Data extracted from a collection:
□ □ □ □ □

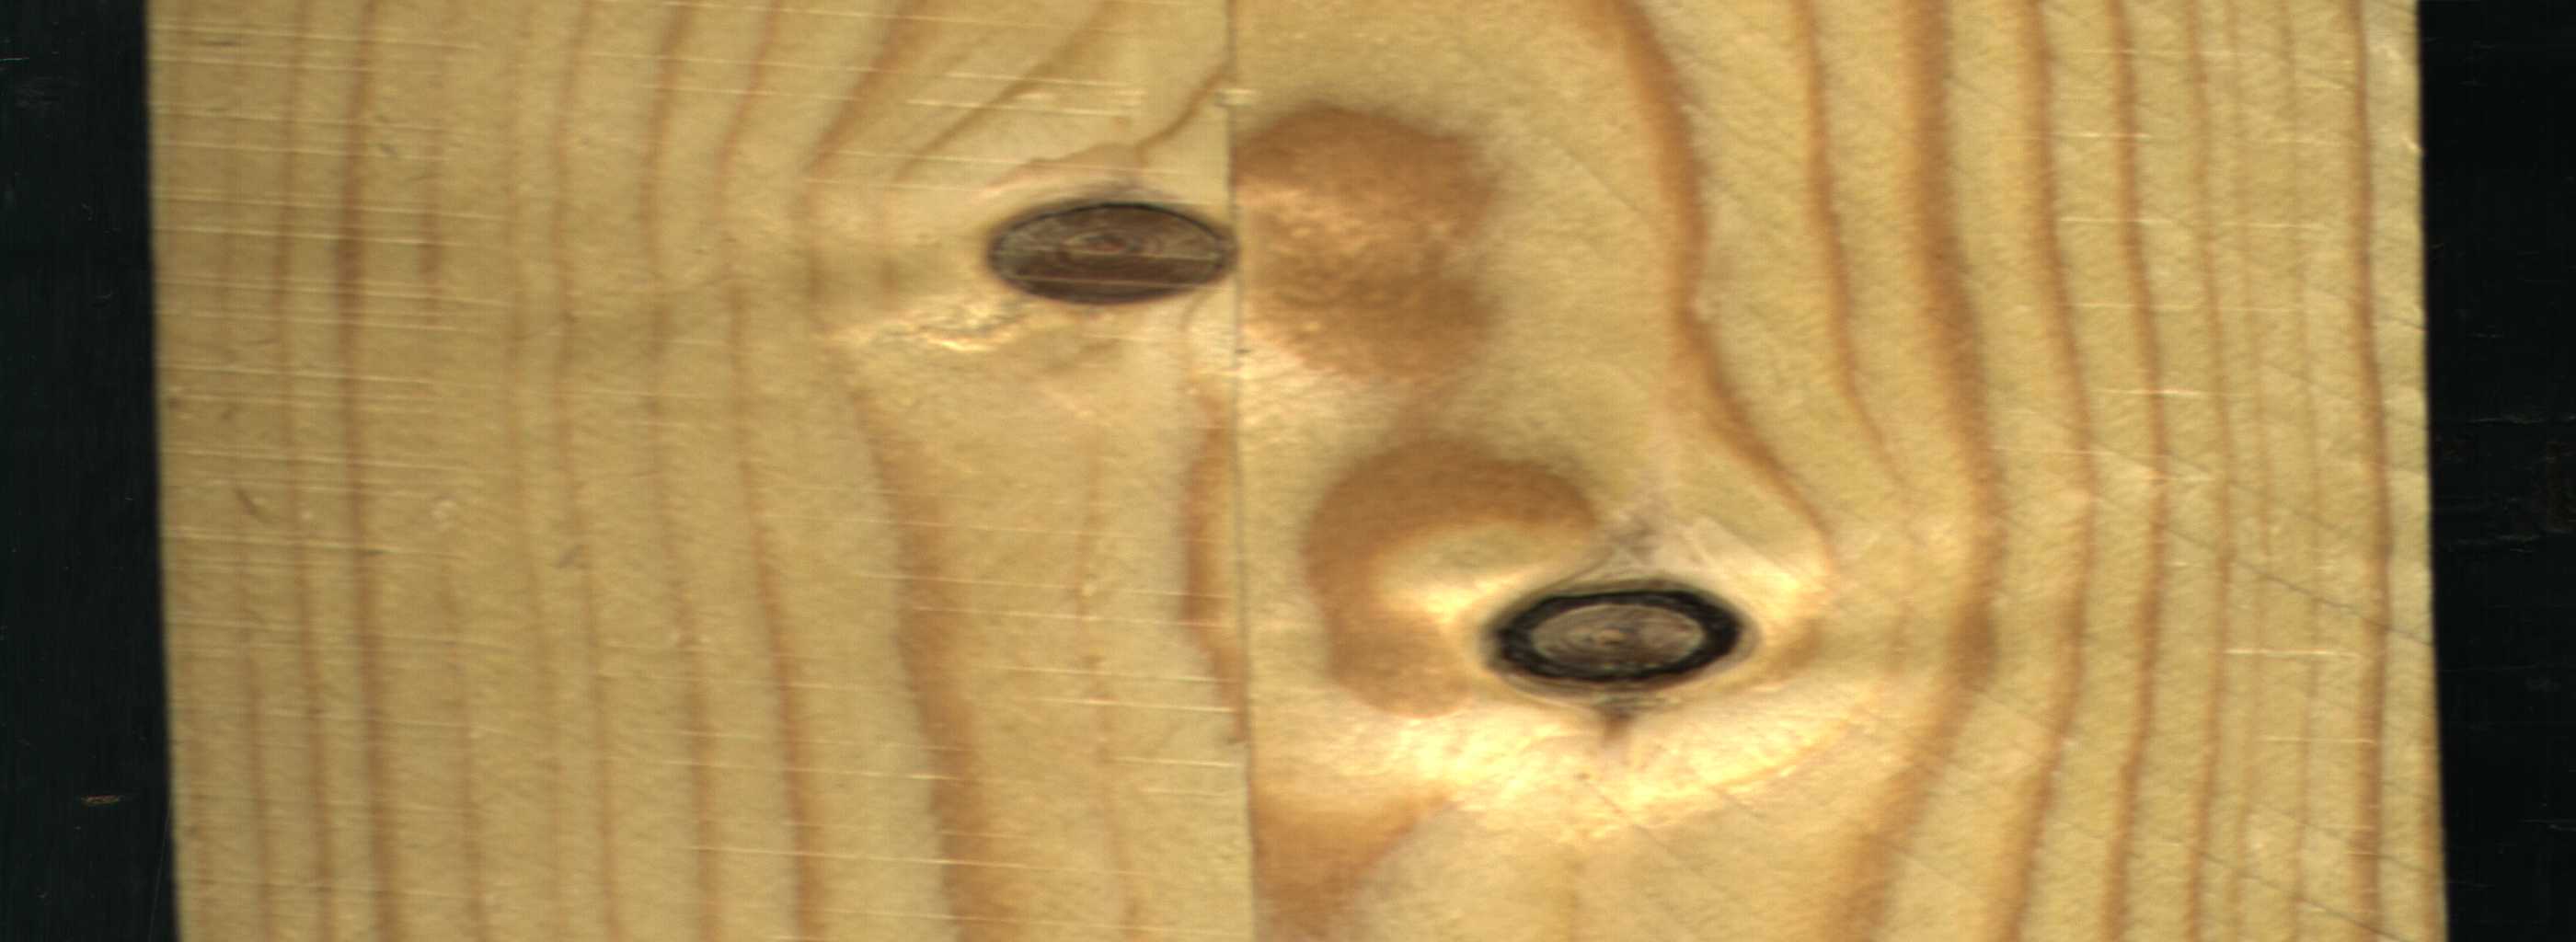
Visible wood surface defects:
Dead_Knot
Dead_Knot
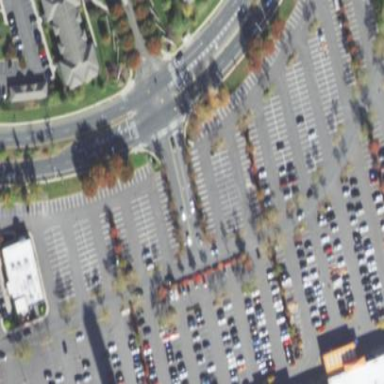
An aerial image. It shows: Parking area with surface.
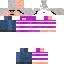
A male human skin with medium skin, wearing brown long hair dressed in a blue hoodie and black pants, featuring a closed mouth.
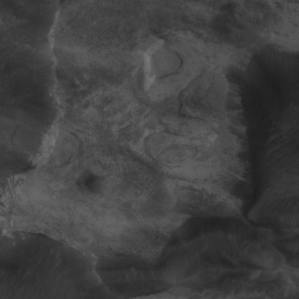
Label: non_frost
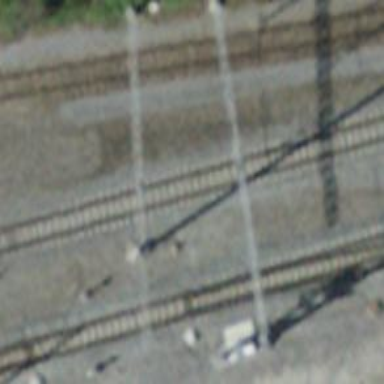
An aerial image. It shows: Narrow-gauge railway track with 1 electrified contact line.
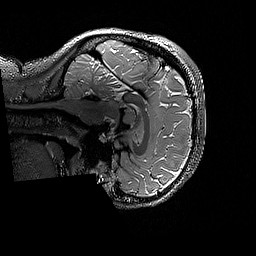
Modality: T2w
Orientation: sagittal
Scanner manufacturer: siemens
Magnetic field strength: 3 T
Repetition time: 3.2 s
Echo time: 0.428 s
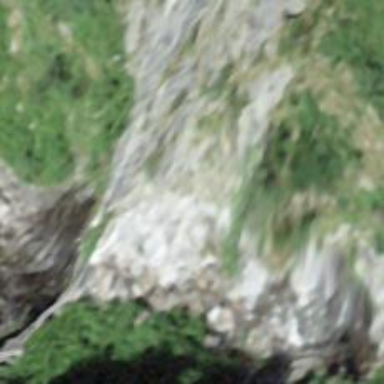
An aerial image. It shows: Beautiful waterfall.
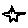
Label: star
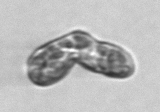
Label: Karenia
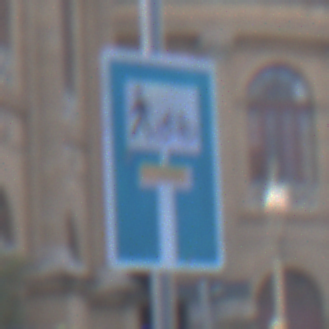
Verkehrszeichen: SackgasseRadverkehrFussgaengerDurchlaessig
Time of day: SunriseSunset
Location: Outdoor (Urban)
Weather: PartlyCloudy
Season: NotSpecified
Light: Natural
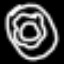
Label: donut
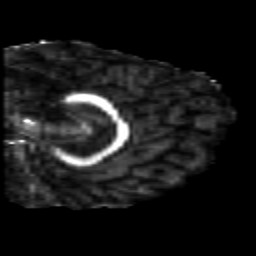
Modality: FA
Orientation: sagittal
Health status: healthy
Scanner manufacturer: siemens
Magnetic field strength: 3 T
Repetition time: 10 s
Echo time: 0.092 s
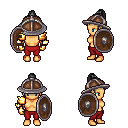
a pixel art fantasy rpg character, female body template, human, tanned skin, gold arm armor, red pants, gray short topknot hairstyle, chain helm, gold gloves, shield, four views (front, back, left, right), 2x2 character sprite sheet, small pixel art, hard edges, no anti-aliasing
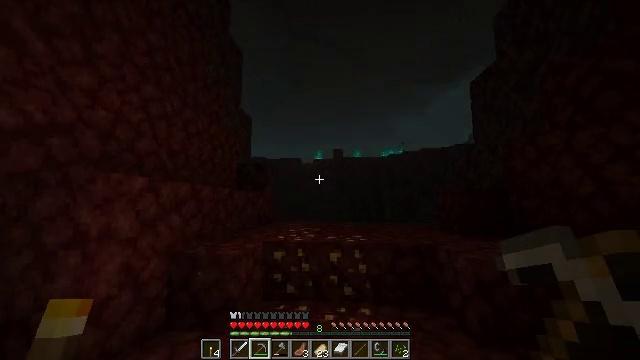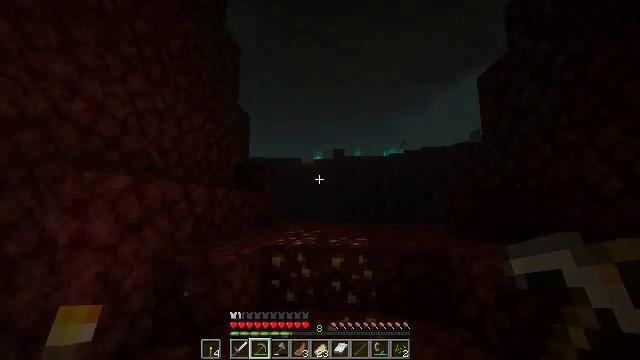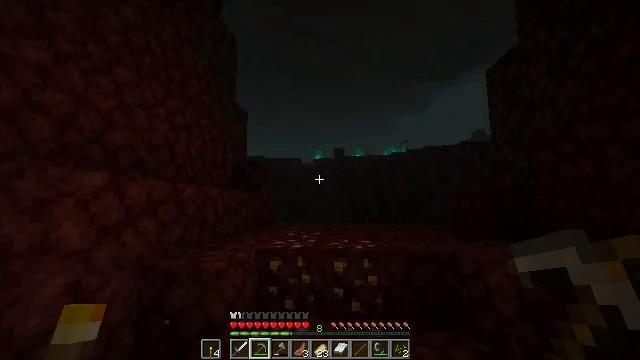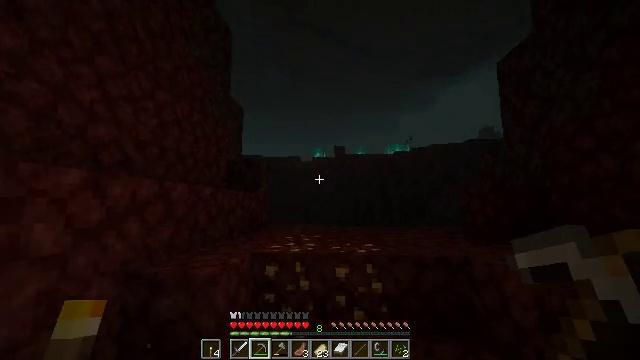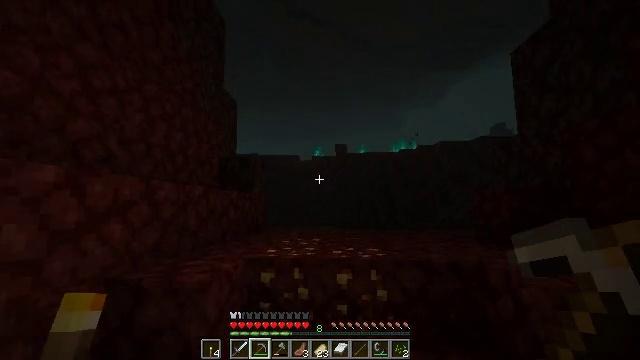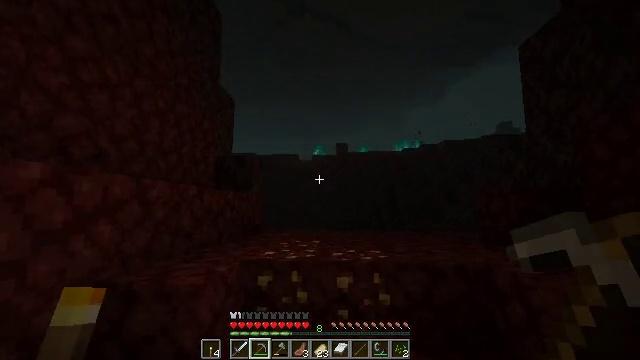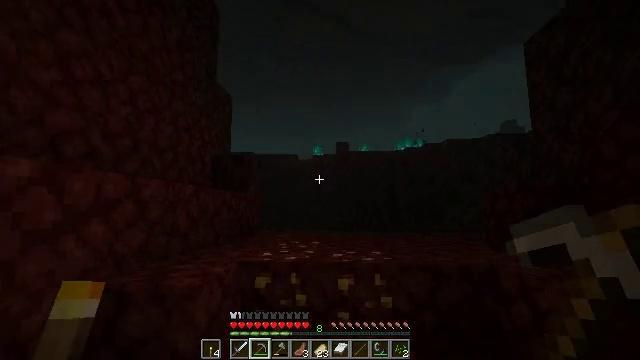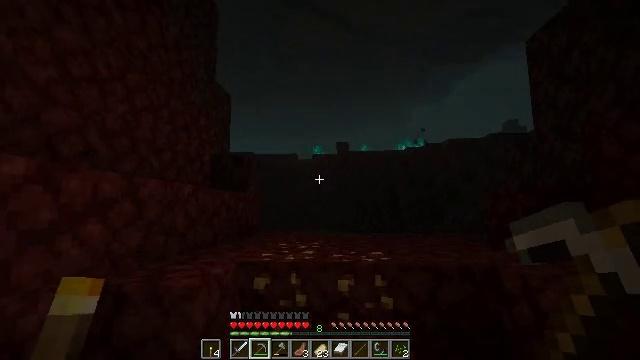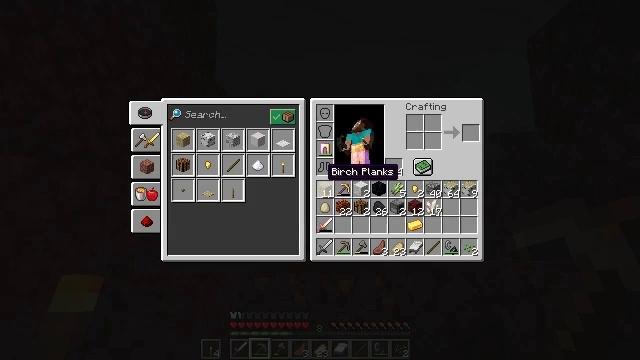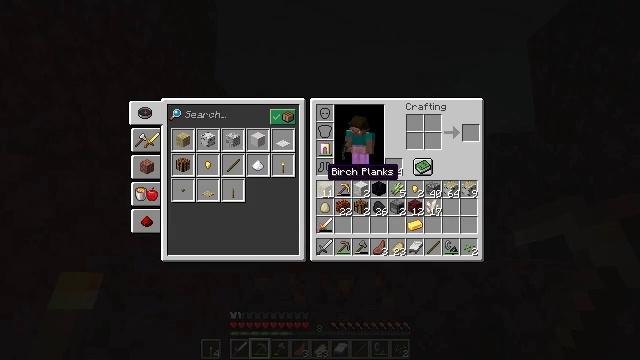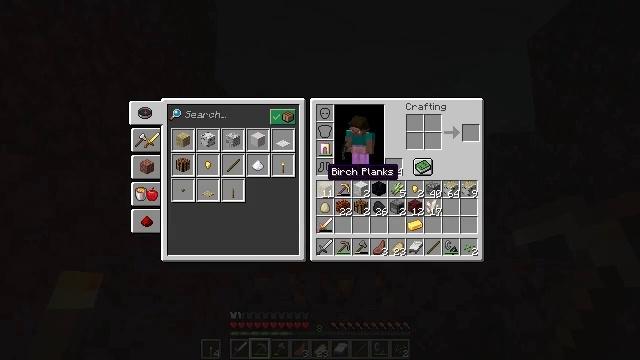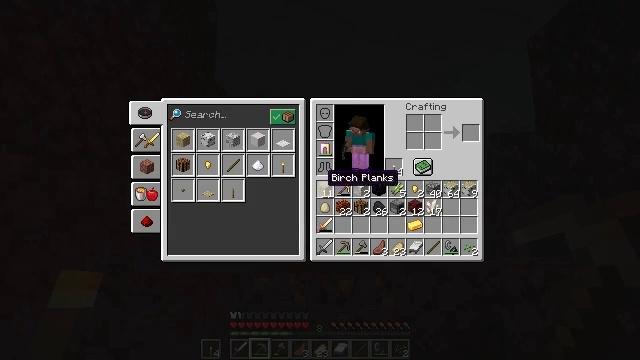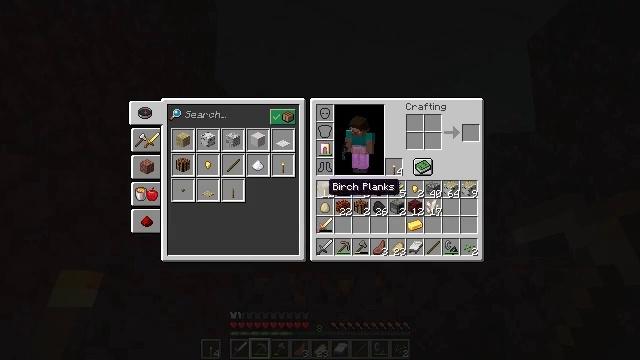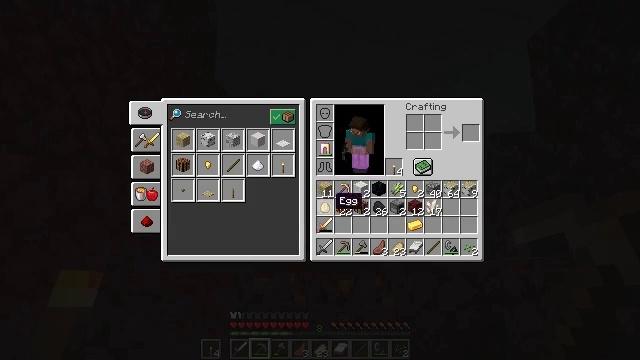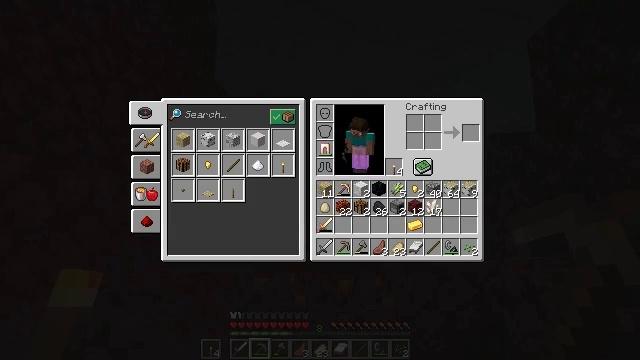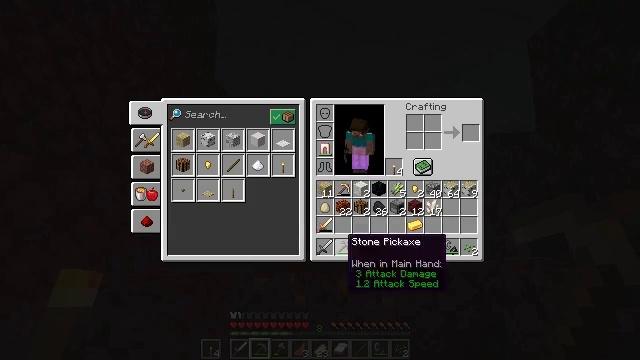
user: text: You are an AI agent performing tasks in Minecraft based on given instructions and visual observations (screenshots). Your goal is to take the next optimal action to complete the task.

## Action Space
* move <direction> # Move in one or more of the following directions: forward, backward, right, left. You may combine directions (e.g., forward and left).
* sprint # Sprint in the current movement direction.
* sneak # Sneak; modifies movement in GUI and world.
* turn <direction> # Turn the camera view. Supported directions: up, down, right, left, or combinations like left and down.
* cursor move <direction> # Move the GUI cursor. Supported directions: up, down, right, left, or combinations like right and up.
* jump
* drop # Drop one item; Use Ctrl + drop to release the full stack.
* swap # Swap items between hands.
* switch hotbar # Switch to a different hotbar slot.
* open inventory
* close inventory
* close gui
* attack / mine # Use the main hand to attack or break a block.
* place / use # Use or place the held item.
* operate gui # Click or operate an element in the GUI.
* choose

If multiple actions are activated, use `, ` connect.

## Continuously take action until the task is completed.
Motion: motion action
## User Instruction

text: Mine nether gold ore in the Nether.
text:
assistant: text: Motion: move forward, sprint
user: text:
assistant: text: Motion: sprint
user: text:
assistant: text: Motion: sprint
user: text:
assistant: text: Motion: sprint
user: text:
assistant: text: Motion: no_op
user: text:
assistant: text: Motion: no_op
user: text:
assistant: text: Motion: no_op
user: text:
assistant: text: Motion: open inventory
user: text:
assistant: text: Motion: open inventory
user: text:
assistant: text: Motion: open inventory
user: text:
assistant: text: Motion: open inventory
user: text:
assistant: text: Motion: cursor move down
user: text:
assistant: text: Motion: cursor move down
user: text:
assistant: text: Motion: cursor move right and down
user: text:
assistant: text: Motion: cursor move down
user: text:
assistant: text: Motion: no_op
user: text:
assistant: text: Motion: no_op
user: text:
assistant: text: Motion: no_op
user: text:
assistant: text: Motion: cursor move up
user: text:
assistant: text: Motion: cursor move up
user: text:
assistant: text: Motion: no_op
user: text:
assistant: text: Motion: cursor move up
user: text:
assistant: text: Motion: cursor move up
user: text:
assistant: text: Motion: cursor move up
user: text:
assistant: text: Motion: no_op
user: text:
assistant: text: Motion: no_op
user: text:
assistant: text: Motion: no_op
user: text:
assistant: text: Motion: no_op
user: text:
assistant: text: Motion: no_op
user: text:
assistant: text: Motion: switch to hotbar 2
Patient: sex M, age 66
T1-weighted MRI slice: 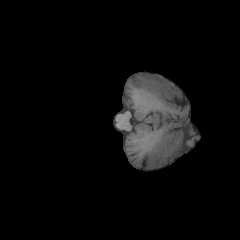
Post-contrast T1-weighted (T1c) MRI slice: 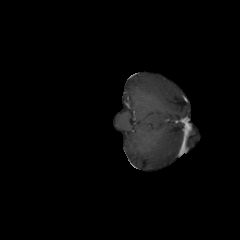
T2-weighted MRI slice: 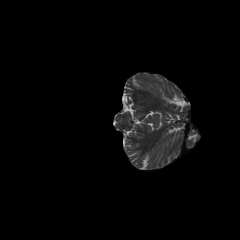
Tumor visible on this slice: no
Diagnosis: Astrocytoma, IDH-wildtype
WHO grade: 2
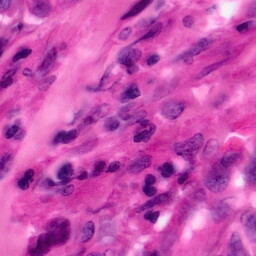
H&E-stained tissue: Pancreatic
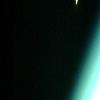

□ □ □ □ □

▶ What the exercise asks: Pull out every line holding "movement" from the records above, and copy it.

▶ Reply:
* sprint # Sprint in the current movement direction.
* sneak # Sneak; modifies movement in GUI and world.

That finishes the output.